■ **TASK BRIEF**
Since pictures do not belong in the copy, please repeat every record below exactly without them.

>>>>>

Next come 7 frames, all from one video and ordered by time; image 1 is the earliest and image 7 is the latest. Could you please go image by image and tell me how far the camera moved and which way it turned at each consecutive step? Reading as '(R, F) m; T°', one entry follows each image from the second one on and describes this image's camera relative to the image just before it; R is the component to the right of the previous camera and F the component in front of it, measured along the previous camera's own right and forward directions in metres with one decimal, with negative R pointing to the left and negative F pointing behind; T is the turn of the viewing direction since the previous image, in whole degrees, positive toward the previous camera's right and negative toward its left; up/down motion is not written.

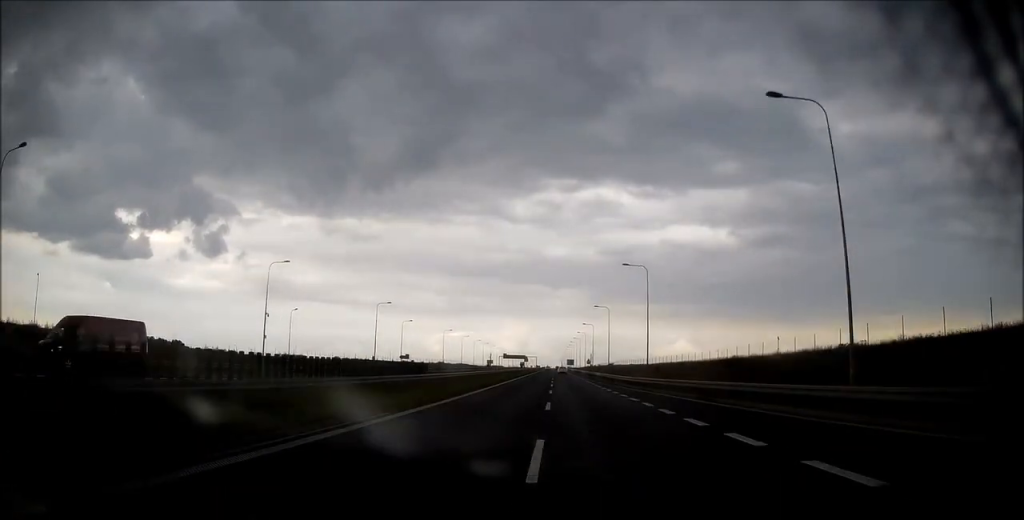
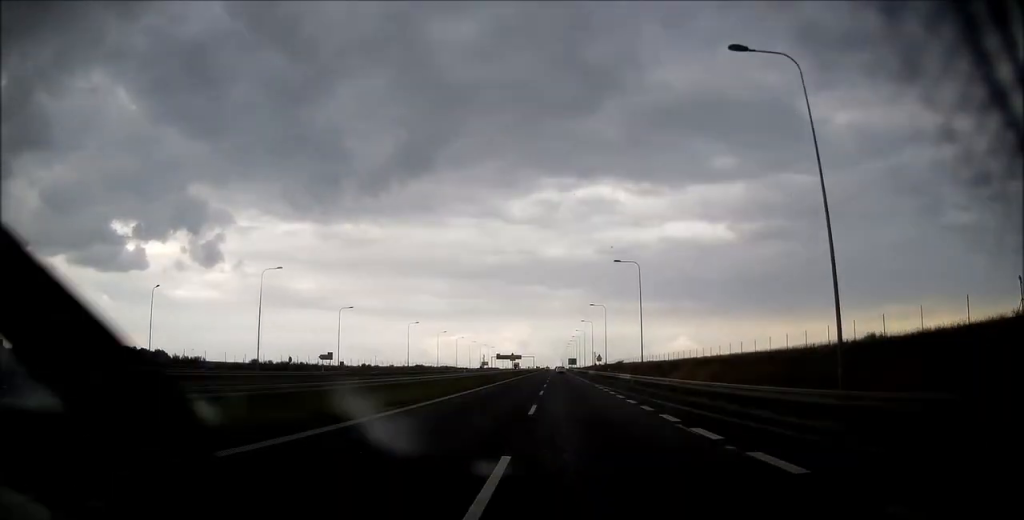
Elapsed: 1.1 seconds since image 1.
(-0.2, +38.3) m; 0°
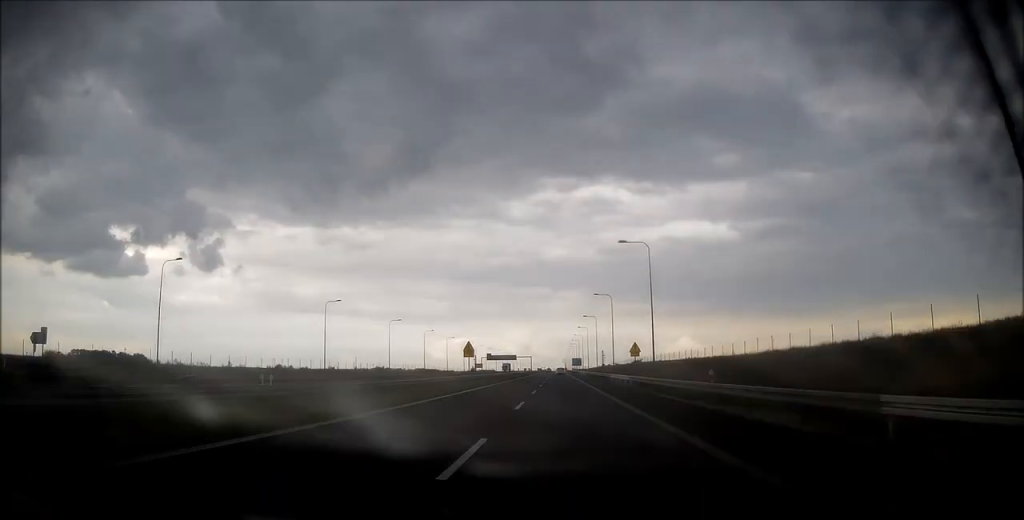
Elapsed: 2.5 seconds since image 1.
(0.0, +47.1) m; 0°
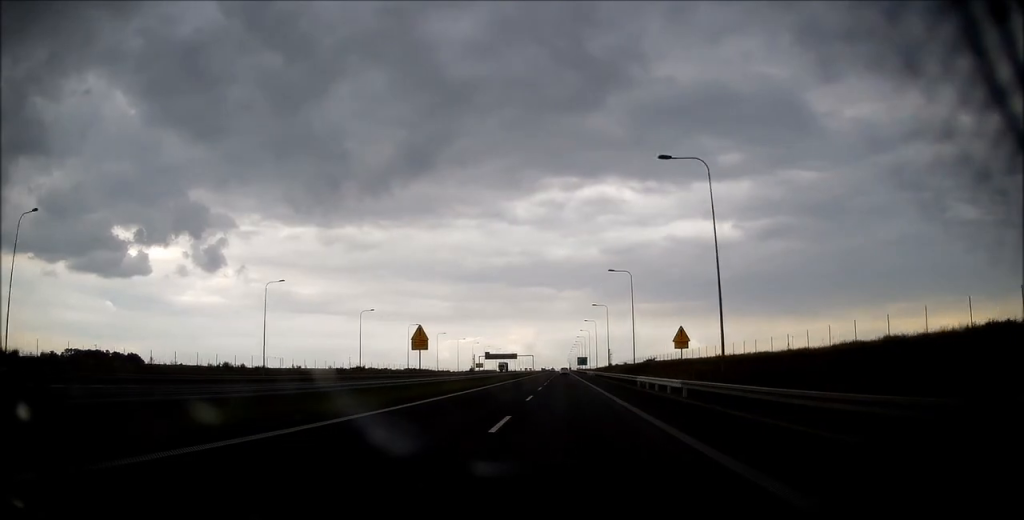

<<<<<

■ **REPLY**
Next come 7 frames, all from one video and ordered by time; image 1 is the earliest and image 7 is the latest. Could you please go image by image and tell me how far the camera moved and which way it turned at each consecutive step? Reading as '(R, F) m; T°', one entry follows each image from the second one on and describes this image's camera relative to the image just before it; R is the component to the right of the previous camera and F the component in front of it, measured along the previous camera's own right and forward directions in metres with one decimal, with negative R pointing to the left and negative F pointing behind; T is the turn of the viewing direction since the previous image, in whole degrees, positive toward the previous camera's right and negative toward its left; up/down motion is not written.

Elapsed: 1.1 seconds since image 1.
(-0.2, +38.3) m; 0°
Elapsed: 2.5 seconds since image 1.
(0.0, +47.1) m; 0°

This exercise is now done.